**EXERCISE DESCRIPTION**
Below are the records; give again exactly the lines from the one containing "శా. ఆమూలాగ్రమశోకపాదపము ప్రత్యగ్రప్రవాళావళి" through the one containing "నిర్జితేంద్రియు లైనట్టినియమపరుల, నంతరాయంబు", leaving out pictures.

==== DATA TO PROCESS ====

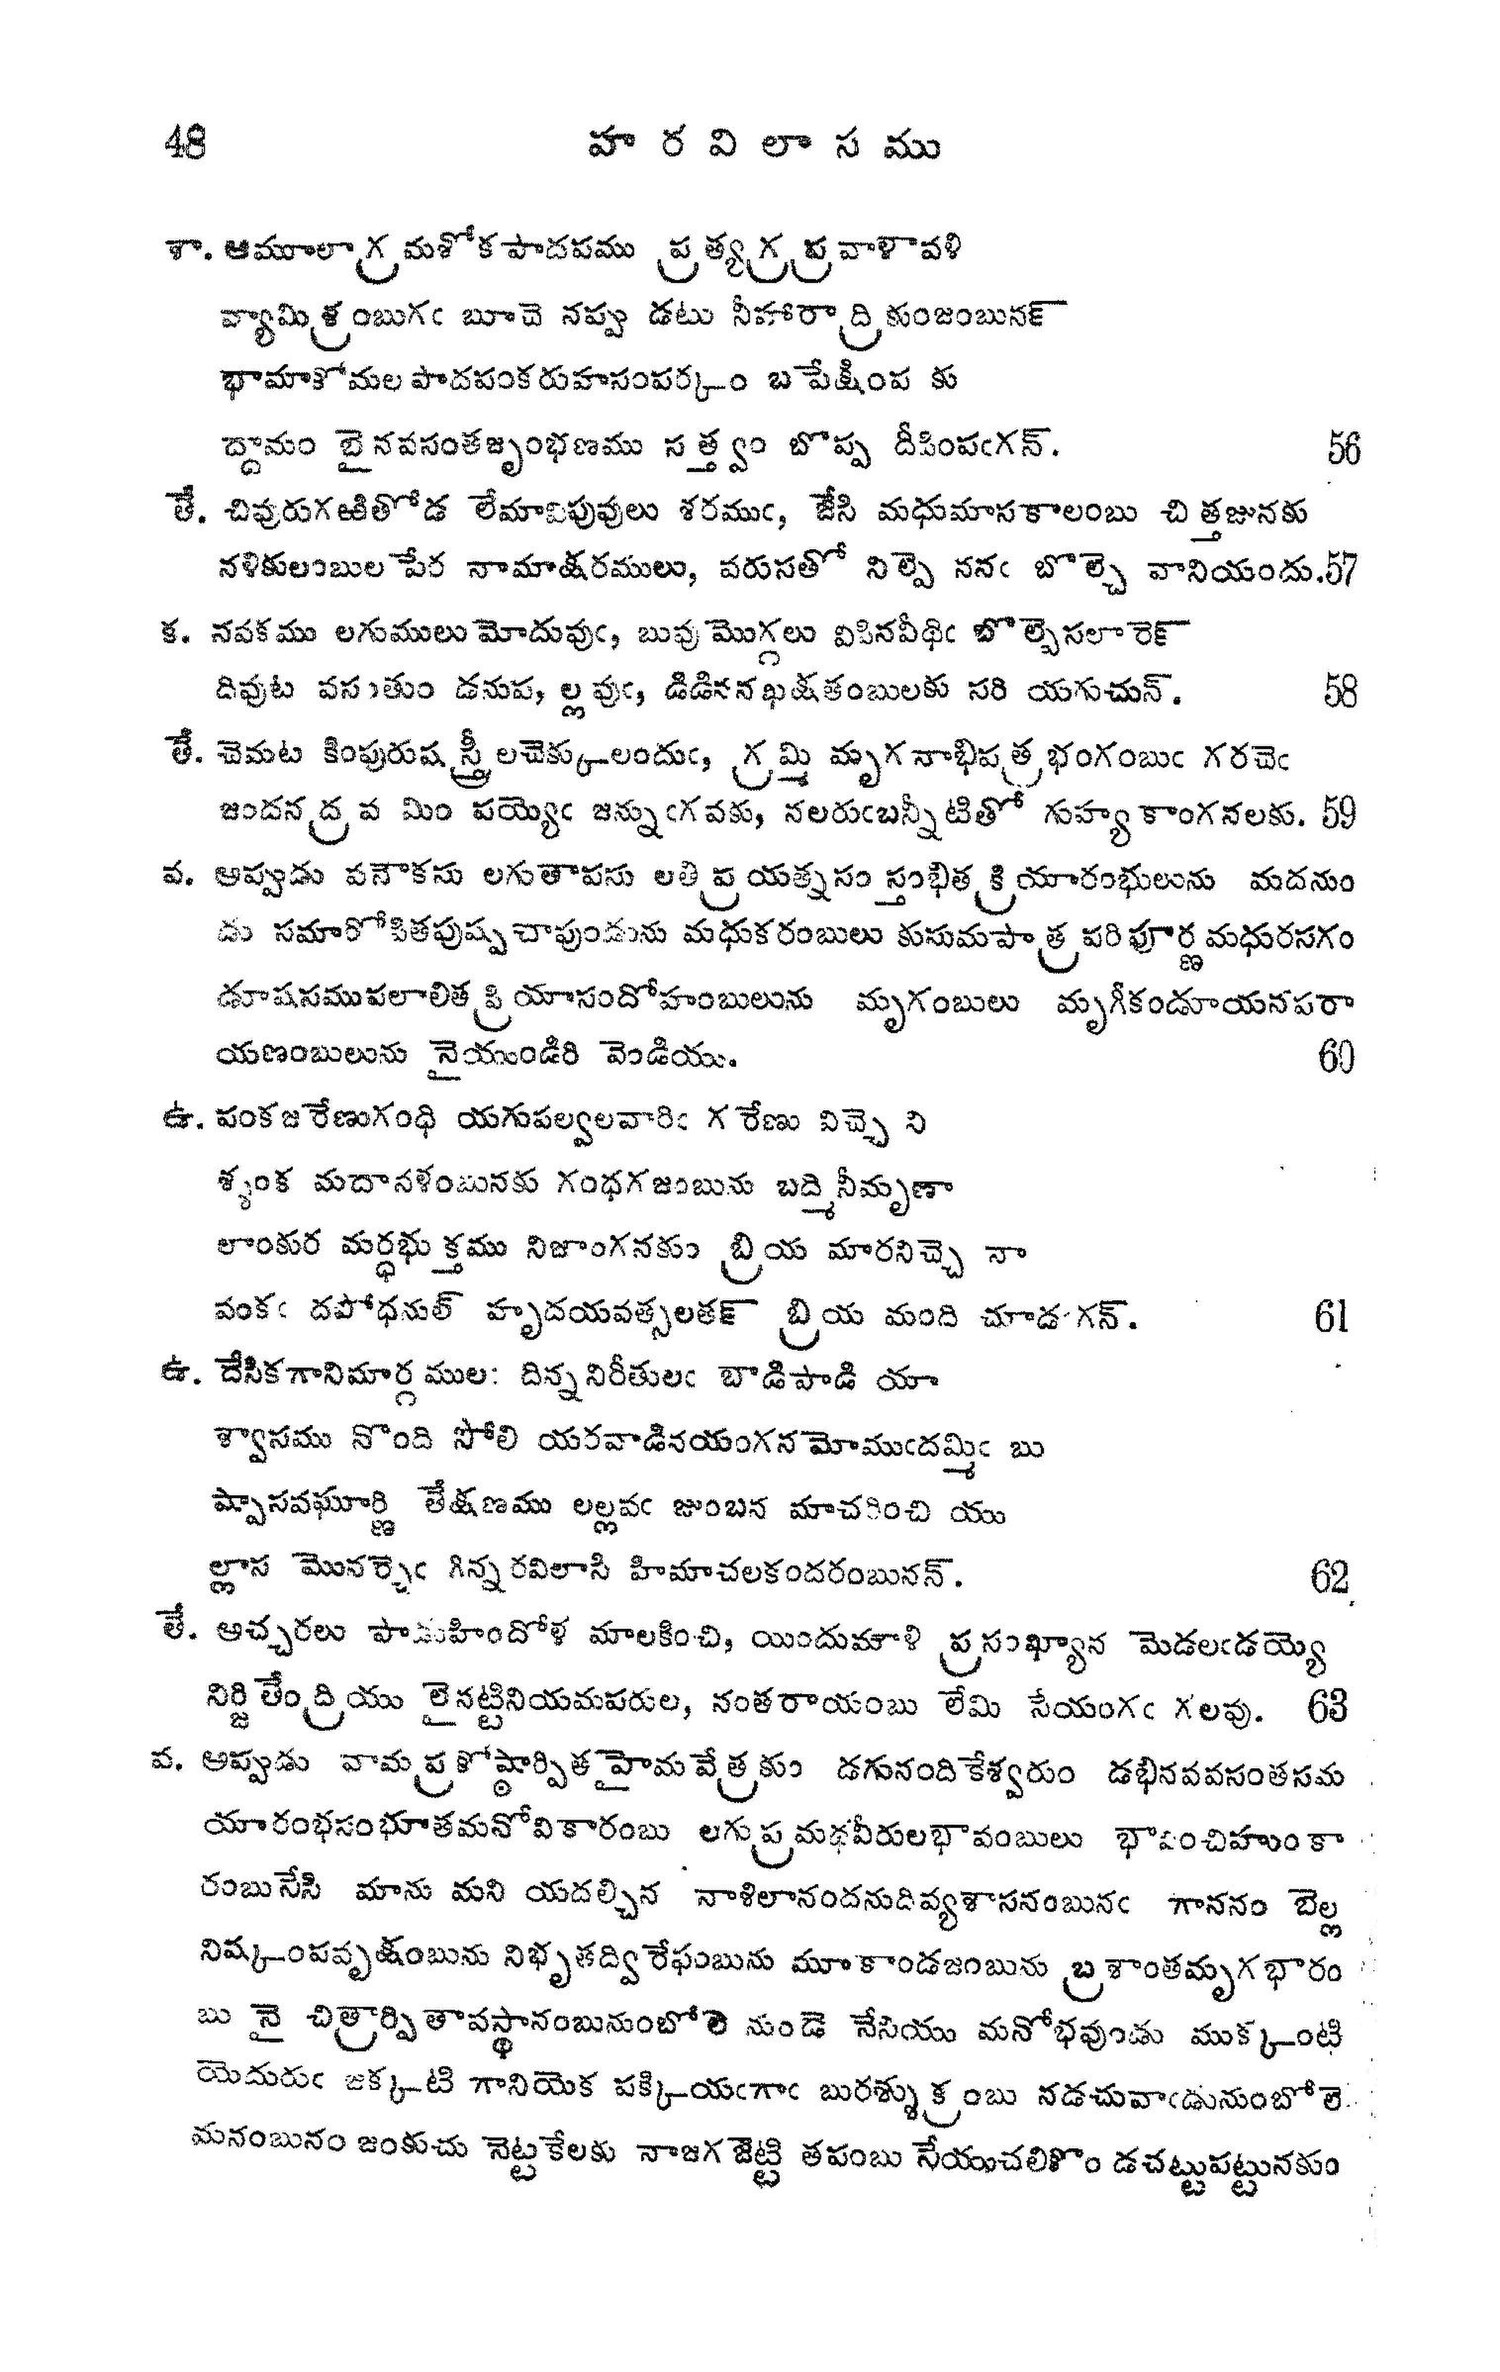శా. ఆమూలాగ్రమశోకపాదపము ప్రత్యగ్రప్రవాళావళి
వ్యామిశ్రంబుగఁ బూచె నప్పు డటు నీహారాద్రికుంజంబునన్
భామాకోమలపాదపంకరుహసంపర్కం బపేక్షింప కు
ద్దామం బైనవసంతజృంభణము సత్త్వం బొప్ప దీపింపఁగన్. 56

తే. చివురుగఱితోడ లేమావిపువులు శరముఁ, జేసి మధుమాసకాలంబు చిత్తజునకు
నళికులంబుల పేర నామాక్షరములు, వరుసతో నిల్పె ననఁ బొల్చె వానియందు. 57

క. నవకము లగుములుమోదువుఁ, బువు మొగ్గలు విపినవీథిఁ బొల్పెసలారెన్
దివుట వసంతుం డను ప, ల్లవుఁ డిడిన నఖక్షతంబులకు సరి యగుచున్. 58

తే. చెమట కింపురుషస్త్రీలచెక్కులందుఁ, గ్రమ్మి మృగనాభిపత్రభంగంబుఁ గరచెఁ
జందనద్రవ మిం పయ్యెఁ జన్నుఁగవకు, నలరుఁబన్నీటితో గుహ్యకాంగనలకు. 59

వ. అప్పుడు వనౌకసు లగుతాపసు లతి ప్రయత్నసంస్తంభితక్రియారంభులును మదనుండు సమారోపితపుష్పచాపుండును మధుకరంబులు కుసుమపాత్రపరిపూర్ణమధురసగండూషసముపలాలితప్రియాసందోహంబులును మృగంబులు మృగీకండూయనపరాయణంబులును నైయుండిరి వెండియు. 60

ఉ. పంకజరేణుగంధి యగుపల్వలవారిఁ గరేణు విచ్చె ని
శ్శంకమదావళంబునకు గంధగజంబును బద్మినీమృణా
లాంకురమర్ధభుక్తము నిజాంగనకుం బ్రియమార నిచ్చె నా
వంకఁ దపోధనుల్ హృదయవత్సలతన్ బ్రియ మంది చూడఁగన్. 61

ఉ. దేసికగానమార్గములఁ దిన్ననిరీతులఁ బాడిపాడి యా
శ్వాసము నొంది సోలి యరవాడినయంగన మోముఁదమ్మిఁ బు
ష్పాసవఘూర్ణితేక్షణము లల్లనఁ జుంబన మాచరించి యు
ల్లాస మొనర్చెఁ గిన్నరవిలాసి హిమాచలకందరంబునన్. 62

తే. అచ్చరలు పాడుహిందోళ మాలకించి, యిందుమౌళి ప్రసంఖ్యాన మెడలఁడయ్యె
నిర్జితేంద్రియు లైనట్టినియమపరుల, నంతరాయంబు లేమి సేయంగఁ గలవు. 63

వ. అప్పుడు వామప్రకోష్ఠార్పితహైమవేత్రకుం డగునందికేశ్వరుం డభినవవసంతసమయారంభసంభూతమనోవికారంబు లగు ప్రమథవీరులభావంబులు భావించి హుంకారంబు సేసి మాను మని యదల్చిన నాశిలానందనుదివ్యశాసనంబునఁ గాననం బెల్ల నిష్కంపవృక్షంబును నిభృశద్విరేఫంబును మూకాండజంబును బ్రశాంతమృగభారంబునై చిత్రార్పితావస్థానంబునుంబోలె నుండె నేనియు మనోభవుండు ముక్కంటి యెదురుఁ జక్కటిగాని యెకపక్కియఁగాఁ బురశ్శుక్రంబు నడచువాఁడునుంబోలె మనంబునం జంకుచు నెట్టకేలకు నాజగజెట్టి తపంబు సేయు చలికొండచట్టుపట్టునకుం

====
==== DATA TO PROCESS ====

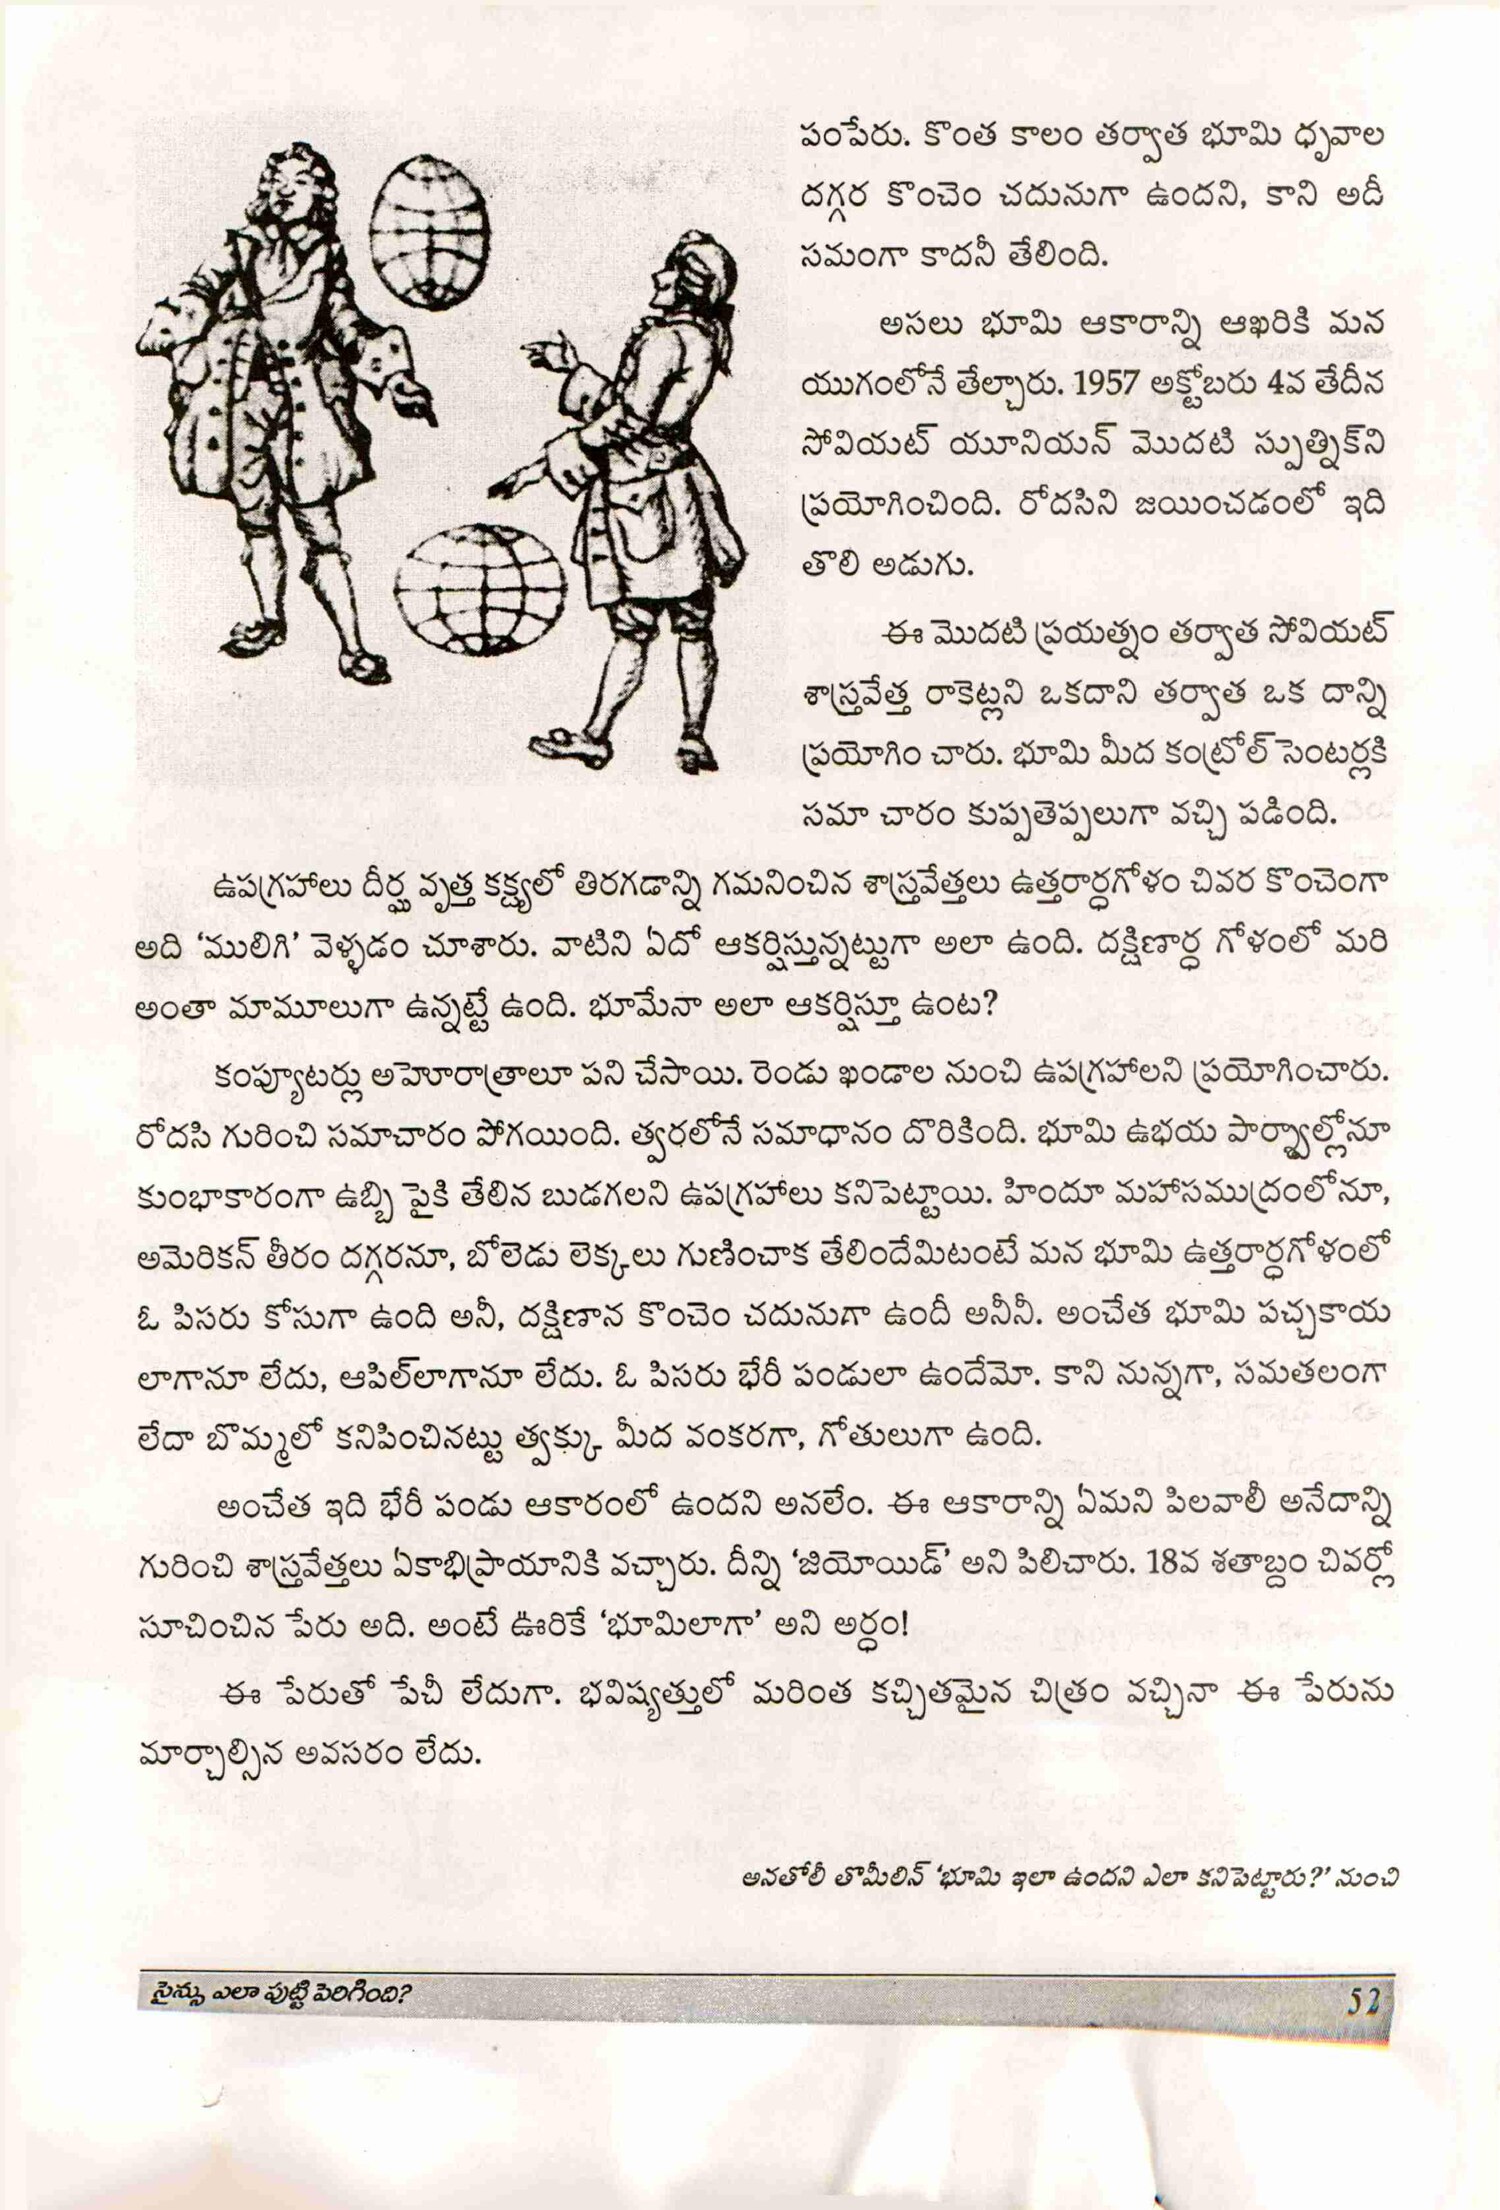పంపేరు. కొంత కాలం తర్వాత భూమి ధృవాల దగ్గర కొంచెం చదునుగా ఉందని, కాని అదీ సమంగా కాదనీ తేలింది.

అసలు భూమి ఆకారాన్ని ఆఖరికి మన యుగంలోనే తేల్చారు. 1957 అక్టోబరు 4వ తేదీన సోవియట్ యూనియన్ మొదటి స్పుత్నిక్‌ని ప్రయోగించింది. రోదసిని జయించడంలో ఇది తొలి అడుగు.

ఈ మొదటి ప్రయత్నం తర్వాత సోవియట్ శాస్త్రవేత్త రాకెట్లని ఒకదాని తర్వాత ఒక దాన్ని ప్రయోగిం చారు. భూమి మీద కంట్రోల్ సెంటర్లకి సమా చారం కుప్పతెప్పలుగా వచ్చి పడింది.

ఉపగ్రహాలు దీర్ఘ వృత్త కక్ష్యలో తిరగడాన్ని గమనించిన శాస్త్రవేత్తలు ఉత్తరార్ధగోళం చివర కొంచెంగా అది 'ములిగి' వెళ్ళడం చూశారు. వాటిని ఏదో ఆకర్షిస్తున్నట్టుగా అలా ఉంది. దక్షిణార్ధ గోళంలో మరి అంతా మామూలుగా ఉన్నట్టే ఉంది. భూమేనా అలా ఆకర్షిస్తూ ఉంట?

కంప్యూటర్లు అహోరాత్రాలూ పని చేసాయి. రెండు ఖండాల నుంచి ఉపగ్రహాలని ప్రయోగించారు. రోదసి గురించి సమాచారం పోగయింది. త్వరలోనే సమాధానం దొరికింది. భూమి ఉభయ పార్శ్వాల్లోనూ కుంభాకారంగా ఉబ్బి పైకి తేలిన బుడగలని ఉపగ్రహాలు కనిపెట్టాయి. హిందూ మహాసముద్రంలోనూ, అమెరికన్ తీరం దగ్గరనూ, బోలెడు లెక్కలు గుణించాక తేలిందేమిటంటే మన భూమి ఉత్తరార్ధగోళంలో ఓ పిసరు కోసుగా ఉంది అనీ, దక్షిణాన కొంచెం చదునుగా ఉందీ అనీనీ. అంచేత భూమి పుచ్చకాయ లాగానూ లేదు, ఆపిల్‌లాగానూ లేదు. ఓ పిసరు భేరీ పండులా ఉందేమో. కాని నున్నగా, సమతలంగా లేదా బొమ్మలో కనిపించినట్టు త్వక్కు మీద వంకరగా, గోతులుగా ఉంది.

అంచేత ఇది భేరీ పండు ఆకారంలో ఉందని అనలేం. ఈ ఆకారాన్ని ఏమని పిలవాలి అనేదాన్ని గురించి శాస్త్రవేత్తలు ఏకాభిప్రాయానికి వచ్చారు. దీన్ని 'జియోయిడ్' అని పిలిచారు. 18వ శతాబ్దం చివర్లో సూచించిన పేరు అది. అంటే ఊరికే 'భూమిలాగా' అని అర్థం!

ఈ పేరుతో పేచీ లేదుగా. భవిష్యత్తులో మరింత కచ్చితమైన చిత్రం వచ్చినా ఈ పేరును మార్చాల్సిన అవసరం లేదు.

====

**OUTPUT BELOW**
శా. ఆమూలాగ్రమశోకపాదపము ప్రత్యగ్రప్రవాళావళి
వ్యామిశ్రంబుగఁ బూచె నప్పు డటు నీహారాద్రికుంజంబునన్
భామాకోమలపాదపంకరుహసంపర్కం బపేక్షింప కు
ద్దామం బైనవసంతజృంభణము సత్త్వం బొప్ప దీపింపఁగన్. 56

తే. చివురుగఱితోడ లేమావిపువులు శరముఁ, జేసి మధుమాసకాలంబు చిత్తజునకు
నళికులంబుల పేర నామాక్షరములు, వరుసతో నిల్పె ననఁ బొల్చె వానియందు. 57

క. నవకము లగుములుమోదువుఁ, బువు మొగ్గలు విపినవీథిఁ బొల్పెసలారెన్
దివుట వసంతుం డను ప, ల్లవుఁ డిడిన నఖక్షతంబులకు సరి యగుచున్. 58

తే. చెమట కింపురుషస్త్రీలచెక్కులందుఁ, గ్రమ్మి మృగనాభిపత్రభంగంబుఁ గరచెఁ
జందనద్రవ మిం పయ్యెఁ జన్నుఁగవకు, నలరుఁబన్నీటితో గుహ్యకాంగనలకు. 59

వ. అప్పుడు వనౌకసు లగుతాపసు లతి ప్రయత్నసంస్తంభితక్రియారంభులును మదనుండు సమారోపితపుష్పచాపుండును మధుకరంబులు కుసుమపాత్రపరిపూర్ణమధురసగండూషసముపలాలితప్రియాసందోహంబులును మృగంబులు మృగీకండూయనపరాయణంబులును నైయుండిరి వెండియు. 60

ఉ. పంకజరేణుగంధి యగుపల్వలవారిఁ గరేణు విచ్చె ని
శ్శంకమదావళంబునకు గంధగజంబును బద్మినీమృణా
లాంకురమర్ధభుక్తము నిజాంగనకుం బ్రియమార నిచ్చె నా
వంకఁ దపోధనుల్ హృదయవత్సలతన్ బ్రియ మంది చూడఁగన్. 61

ఉ. దేసికగానమార్గములఁ దిన్ననిరీతులఁ బాడిపాడి యా
శ్వాసము నొంది సోలి యరవాడినయంగన మోముఁదమ్మిఁ బు
ష్పాసవఘూర్ణితేక్షణము లల్లనఁ జుంబన మాచరించి యు
ల్లాస మొనర్చెఁ గిన్నరవిలాసి హిమాచలకందరంబునన్. 62

తే. అచ్చరలు పాడుహిందోళ మాలకించి, యిందుమౌళి ప్రసంఖ్యాన మెడలఁడయ్యె
నిర్జితేంద్రియు లైనట్టినియమపరుల, నంతరాయంబు లేమి సేయంగఁ గలవు. 63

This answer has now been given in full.